## SOURCE DATA
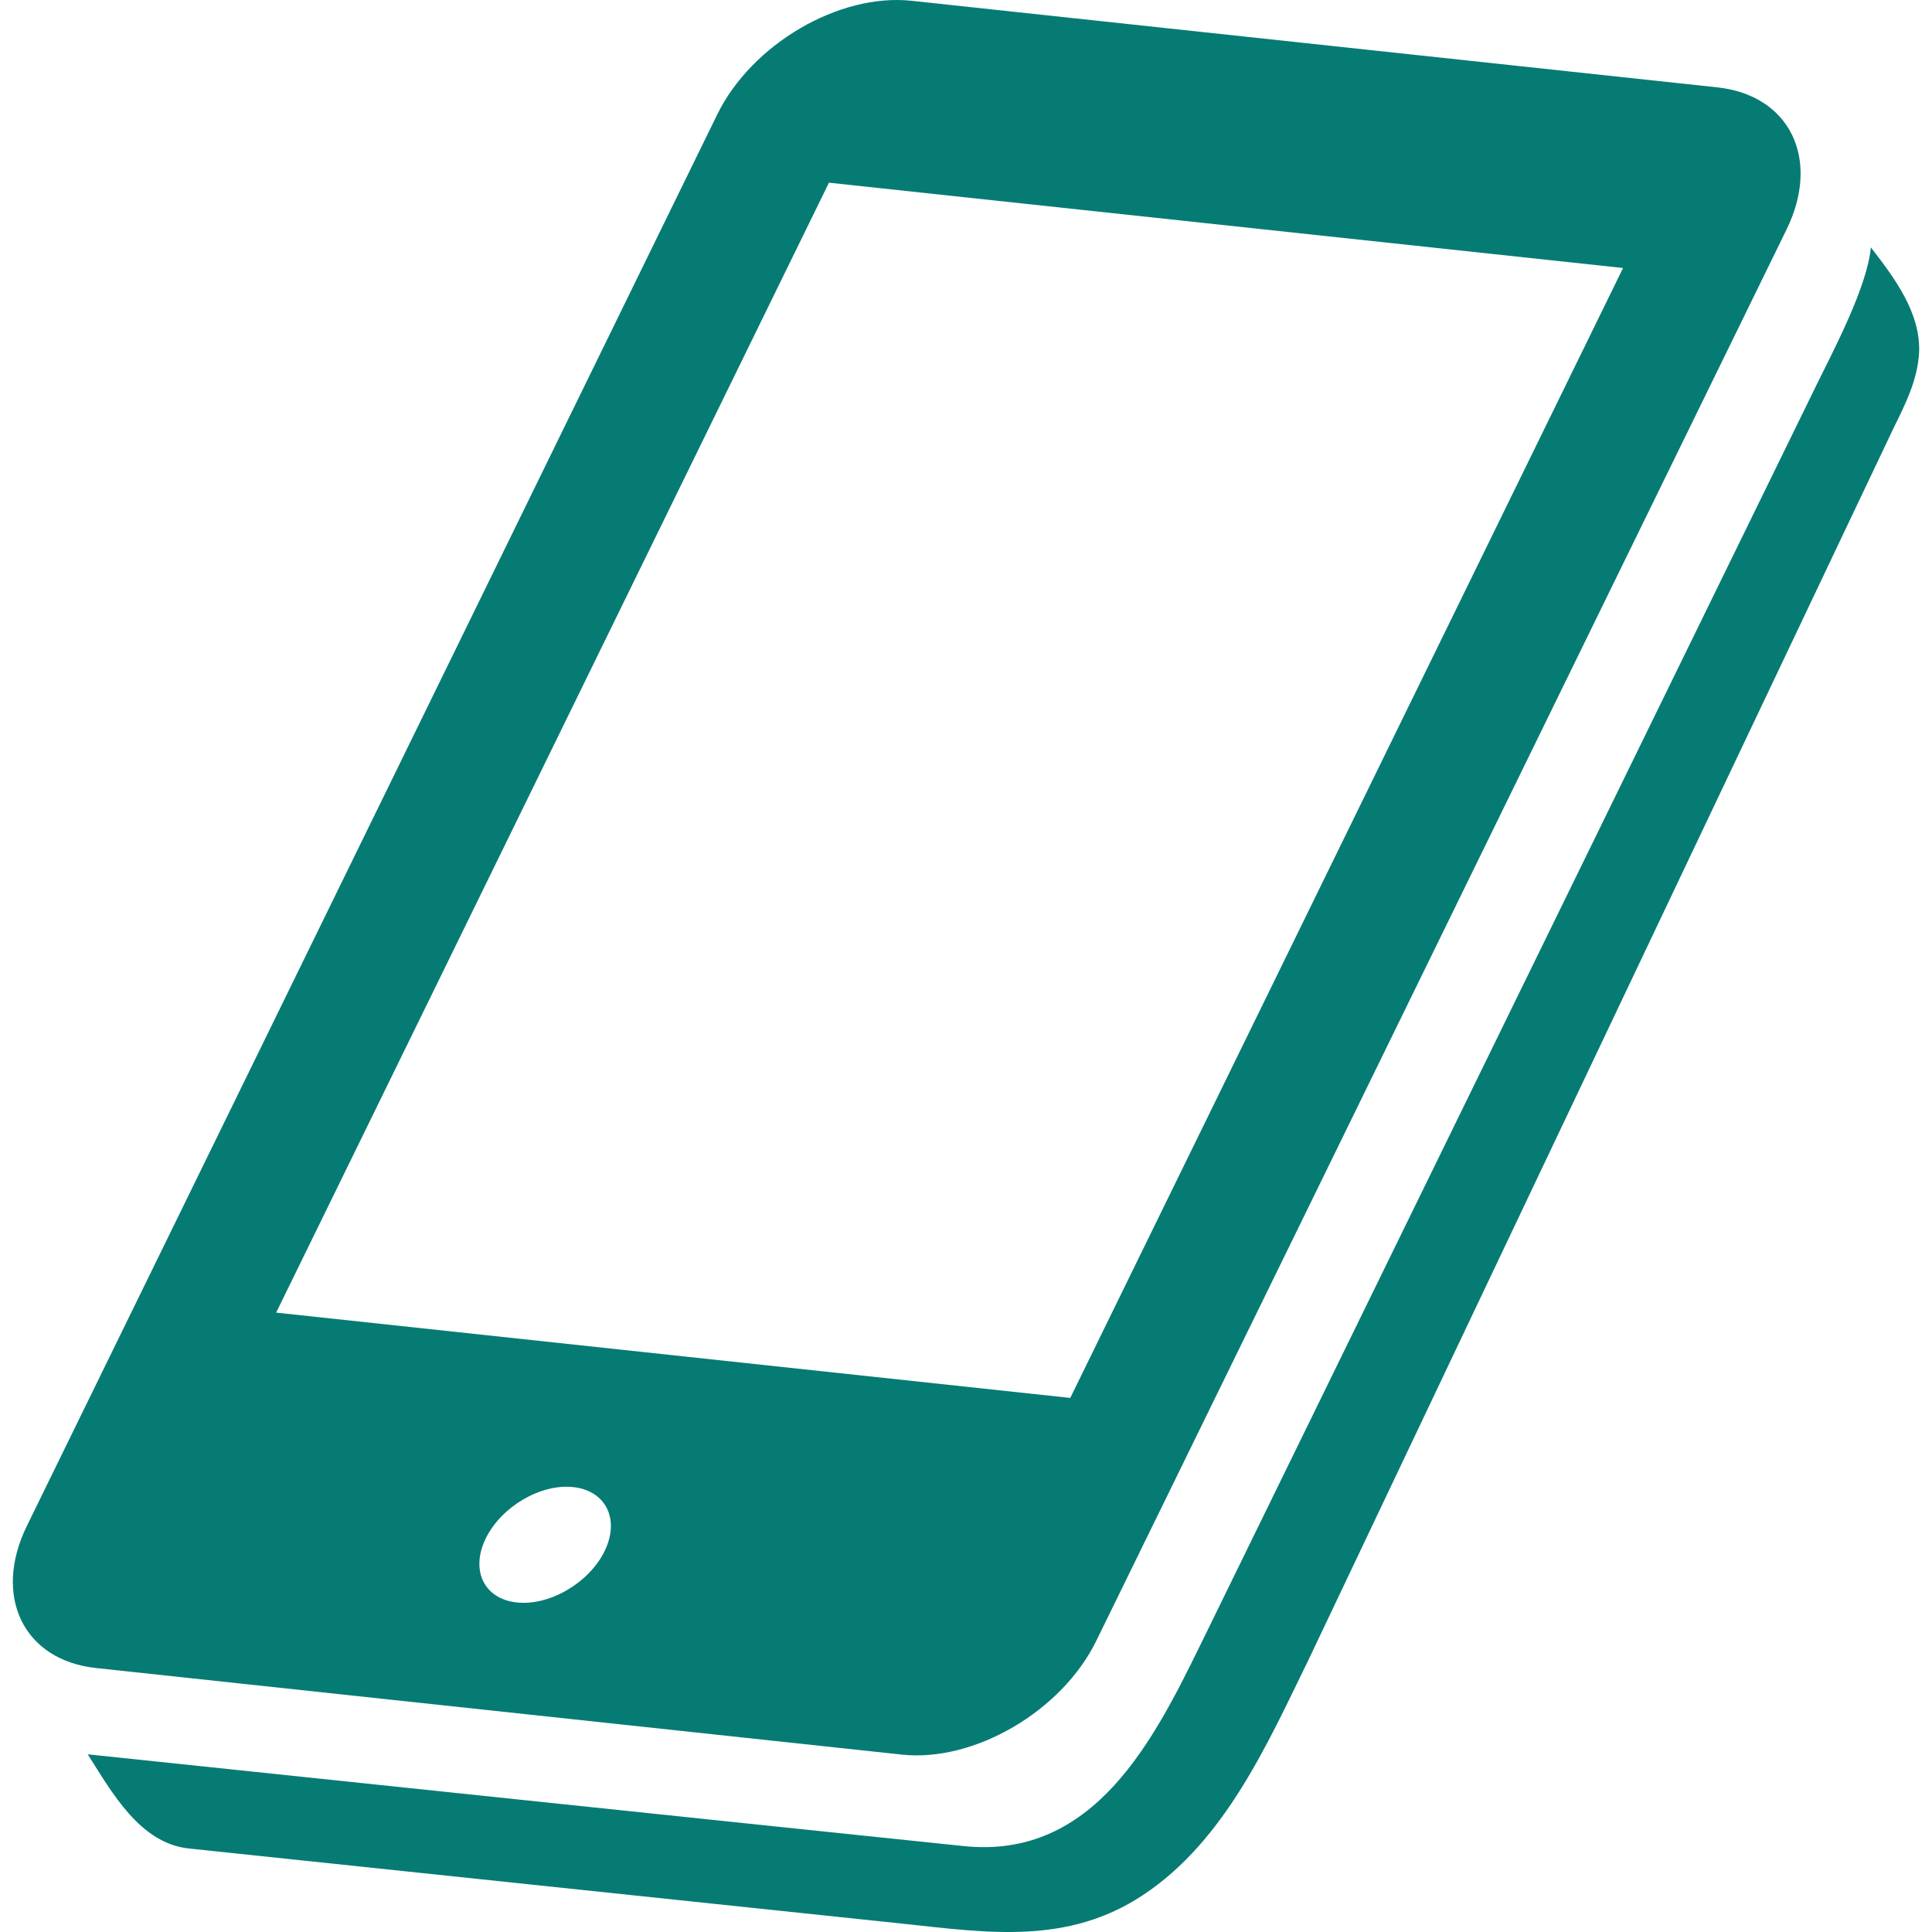 <svg width="32" height="32" viewBox="0 0 32 32" fill="none" xmlns="http://www.w3.org/2000/svg">
<g clip-path="url(#clip0_85_482)">
<path d="M31.787 5.818C31.804 5.174 31.386 4.612 30.987 4.097C30.931 4.744 30.364 5.812 30.093 6.364L19.902 27.204C19.111 28.819 18.123 30.808 15.954 30.576C15.871 30.571 1.453 29.057 1.453 29.057C1.862 29.701 2.32 30.53 3.128 30.617L15.004 31.868C16.38 32.016 17.686 32.209 18.924 31.393C20.296 30.491 21.007 28.853 21.692 27.452L31.353 7.112C31.556 6.697 31.767 6.292 31.787 5.819C31.788 5.774 31.787 5.812 31.787 5.818Z" fill="#067B74"/>
<path d="M14.939 29.062C16.139 29.19 17.589 28.341 18.158 27.177L21.47 20.408L29.591 3.801C30.162 2.634 29.645 1.576 28.445 1.447L15.098 0.013C13.896 -0.116 12.449 0.732 11.879 1.898L0.445 25.274C-0.124 26.438 0.388 27.499 1.592 27.628L14.939 29.062ZM10.014 25.692C9.756 26.218 9.102 26.6 8.56 26.542C8.017 26.484 7.788 26.008 8.046 25.48C8.304 24.954 8.954 24.573 9.495 24.631C10.036 24.689 10.271 25.166 10.014 25.692ZM13.73 3.026L26.883 4.439L17.727 23.154L4.574 21.741L13.73 3.026Z" fill="#067B74"/>
</g>
<defs>
<clipPath id="clip0_85_482">
<rect width="32" height="32" fill="white"/>
</clipPath>
</defs>
</svg>

## ASSIGNMENT
Output all of the records exactly as they appear above, but not the pictures.

## EXERCISE ANSWER
 <svg width="32" height="32" viewBox="0 0 32 32" fill="none" xmlns="http://www.w3.org/2000/svg">
<g clip-path="url(#clip0_85_482)">
<path d="M31.787 5.818C31.804 5.174 31.386 4.612 30.987 4.097C30.931 4.744 30.364 5.812 30.093 6.364L19.902 27.204C19.111 28.819 18.123 30.808 15.954 30.576C15.871 30.571 1.453 29.057 1.453 29.057C1.862 29.701 2.32 30.53 3.128 30.617L15.004 31.868C16.38 32.016 17.686 32.209 18.924 31.393C20.296 30.491 21.007 28.853 21.692 27.452L31.353 7.112C31.556 6.697 31.767 6.292 31.787 5.819C31.788 5.774 31.787 5.812 31.787 5.818Z" fill="#067B74"/>
<path d="M14.939 29.062C16.139 29.19 17.589 28.341 18.158 27.177L21.47 20.408L29.591 3.801C30.162 2.634 29.645 1.576 28.445 1.447L15.098 0.013C13.896 -0.116 12.449 0.732 11.879 1.898L0.445 25.274C-0.124 26.438 0.388 27.499 1.592 27.628L14.939 29.062ZM10.014 25.692C9.756 26.218 9.102 26.6 8.56 26.542C8.017 26.484 7.788 26.008 8.046 25.48C8.304 24.954 8.954 24.573 9.495 24.631C10.036 24.689 10.271 25.166 10.014 25.692ZM13.73 3.026L26.883 4.439L17.727 23.154L4.574 21.741L13.73 3.026Z" fill="#067B74"/>
</g>
<defs>
<clipPath id="clip0_85_482">
<rect width="32" height="32" fill="white"/>
</clipPath>
</defs>
</svg>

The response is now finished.